Caching the AI: Slashing LLM Latency with Redis & MongoDB
Every LLM call is the slowest, most expensive, most rate-limited hop in your request path. Treat it like a fast database query and your portal falls over the first time a thousand users hit it at once. The fix is not a faster model — it is refusing to call the model at all when you do not have to. A disciplined cache tier between the user and the LLM is what keeps an enterprise admin portal at 99.9% uptime and 25% lower latency under real load.

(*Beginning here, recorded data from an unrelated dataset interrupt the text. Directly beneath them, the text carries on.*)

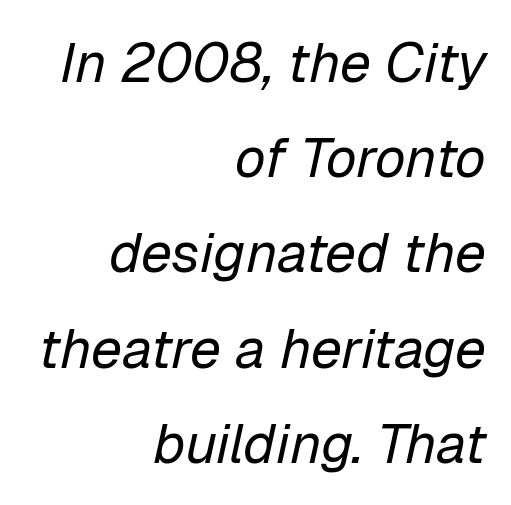
{"italic": "yes", "lean": "right", "slant_degrees": 12, "bold": "no", "weight": "regular", "width": "normal", "stroke_contrast": "low", "x_height": "medium", "monospaced": "no", "underline": "no", "align": "right", "line_spacing": "normal", "line_spacing_ratio": 1.7, "letter_spacing": "normal", "letter_spacing_em": 0.0, "glyph_px": 56}
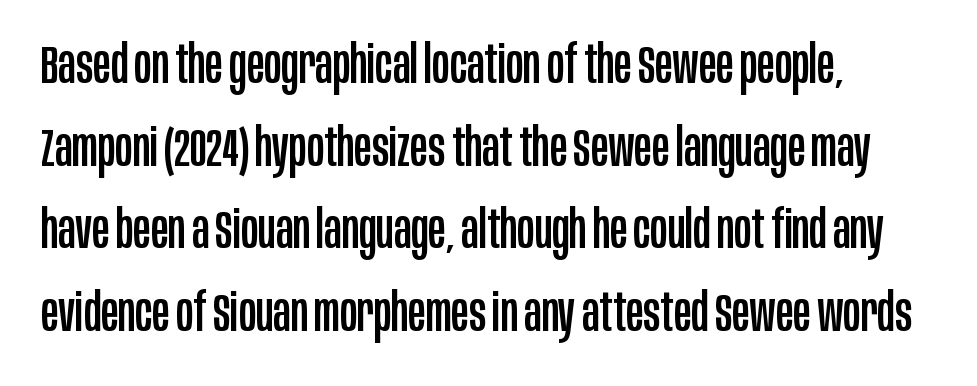
The image shows 52 px condensed sans-serif type, upright; set left-aligned, normal line spacing (1.59x), normal letter spacing, not underlined; low stroke contrast and a large x-height.
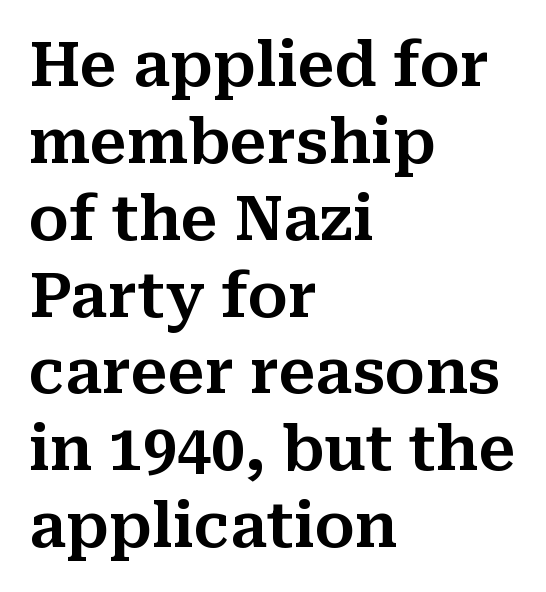
The image shows 61 px serif type, upright; set left-aligned, normal line spacing (1.26x), normal letter spacing, not underlined; medium stroke contrast and a medium x-height.
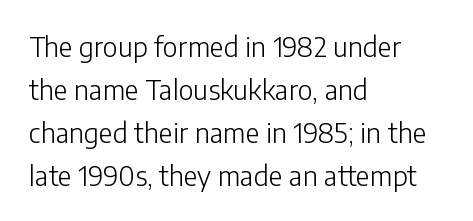
{"italic": "no", "bold": "no", "underline": "no", "align": "left", "line_spacing": "normal", "line_spacing_ratio": 1.59, "letter_spacing": "normal", "letter_spacing_em": 0.0, "glyph_px": 27}
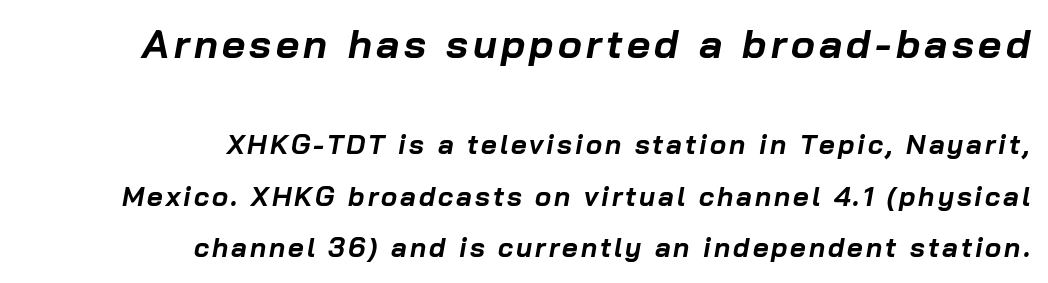
{"italic": "yes", "lean": "right", "slant_degrees": 10, "bold": "yes", "weight": "bold", "width": "normal", "stroke_contrast": "low", "x_height": "medium", "monospaced": "no", "underline": "no", "align": "right", "line_spacing": "loose", "line_spacing_ratio": 1.92, "larger_block": "first", "size_ratio": 1.48, "glyph_px": 40}
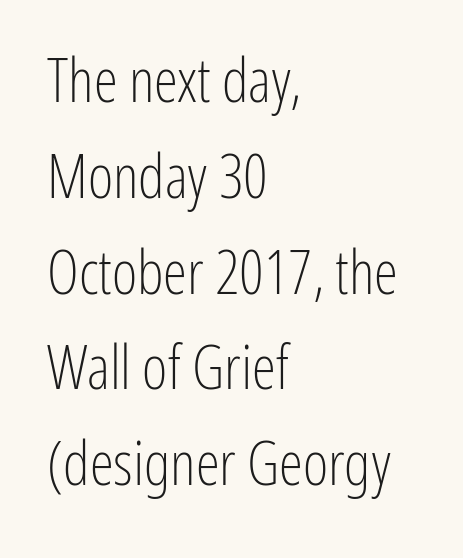
The space directly below the letters is spotless. What kind of face is this? One without serifs — a sans. Style check: upright. Proportional: the letters do not fall into vertical columns. Leftover space on each line is placed entirely after the last word. Stroke mass is kept to a normal reading level or below.

The LLM is a network call you cannot trust to be fast
Provider latency is variable by design, throughput is capped by a rate limit you do not control, and every token costs money. None of those are problems you solve in the prompt — they are problems you solve in the architecture, by putting a cache between your traffic and the model and making sure the common case never reaches the provider.

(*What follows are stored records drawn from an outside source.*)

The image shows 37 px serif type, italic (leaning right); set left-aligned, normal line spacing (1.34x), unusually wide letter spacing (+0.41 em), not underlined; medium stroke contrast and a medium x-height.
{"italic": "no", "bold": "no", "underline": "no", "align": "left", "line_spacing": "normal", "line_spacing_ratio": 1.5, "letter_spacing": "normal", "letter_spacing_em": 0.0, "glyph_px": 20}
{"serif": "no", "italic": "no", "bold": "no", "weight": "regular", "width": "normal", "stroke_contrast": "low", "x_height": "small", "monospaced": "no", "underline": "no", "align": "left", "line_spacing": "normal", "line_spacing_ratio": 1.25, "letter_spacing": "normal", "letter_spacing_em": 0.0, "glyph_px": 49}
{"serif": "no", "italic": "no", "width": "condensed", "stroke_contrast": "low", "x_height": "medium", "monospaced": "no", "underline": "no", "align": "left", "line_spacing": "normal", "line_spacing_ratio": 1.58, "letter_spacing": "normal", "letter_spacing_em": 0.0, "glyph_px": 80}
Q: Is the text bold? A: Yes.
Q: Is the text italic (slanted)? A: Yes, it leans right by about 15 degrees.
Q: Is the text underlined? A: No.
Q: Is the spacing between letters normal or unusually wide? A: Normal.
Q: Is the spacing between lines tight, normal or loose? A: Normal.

A cache between the user and the model
Start with the obvious win: cache-aside on Redis. Before paying for a completion, hash the resolved prompt and check for a hit. Deterministic prompts — system summaries, classification, repeated lookups — return in single-digit milliseconds instead of seconds, and never consume rate budget.
// cache-aside: never pay for the model on a repeat
const key = hash(prompt);
const hit = await redis.get(key);
if (hit) return JSON.parse(hit); // ~3ms, $0
const answer = await llm.complete(prompt);
await redis.set(key, JSON.stringify(answer), "EX", 3600);
return answer;Exact-match is not enough — add a semantic layer
Users phrase the same question ten ways. An exact-match key misses all ten. Layer a semantic cache on top: embed the incoming prompt, search a vector index of recent prompts, and if the nearest neighbor is within a tight similarity threshold, return its cached answer. This converts a long tail of near-duplicates into hits — the single biggest lever on provider load in a high-traffic portal.
MongoDB indexing for the data the model reads
Caching the model is half the story; the other half is the retrieval the model depends on. If every completion is preceded by a slow Mongo query, you have just moved the bottleneck. Index for the actual access patterns — compound indexes on the fields your queries filter and sort by, covered indexes where you can return straight from the index without touching documents. The goal is that the data feeding the prompt is never the thing keeping the user waiting.
Insulating the rate limit at 4,000+ users
With exact and semantic caching absorbing the repeat traffic, only genuinely novel prompts reach the provider — and those you shape with a request queue and a concurrency cap tuned to your rate limit, so a spike degrades into a few hundred extra milliseconds of queueing rather than a wall of 429s. The provider never sees your peak; it sees your cache-miss rate, which is a fraction of it.
Scaling an AI feature is not about making the model faster. It is about ensuring the model is the exception in your request path, not the rule.
This is the caching architecture behind the CMZ enterprise portal — Redis cache rings, indexed reads, and rate-limit insulation holding latency and uptime steady across thousands of active endpoints.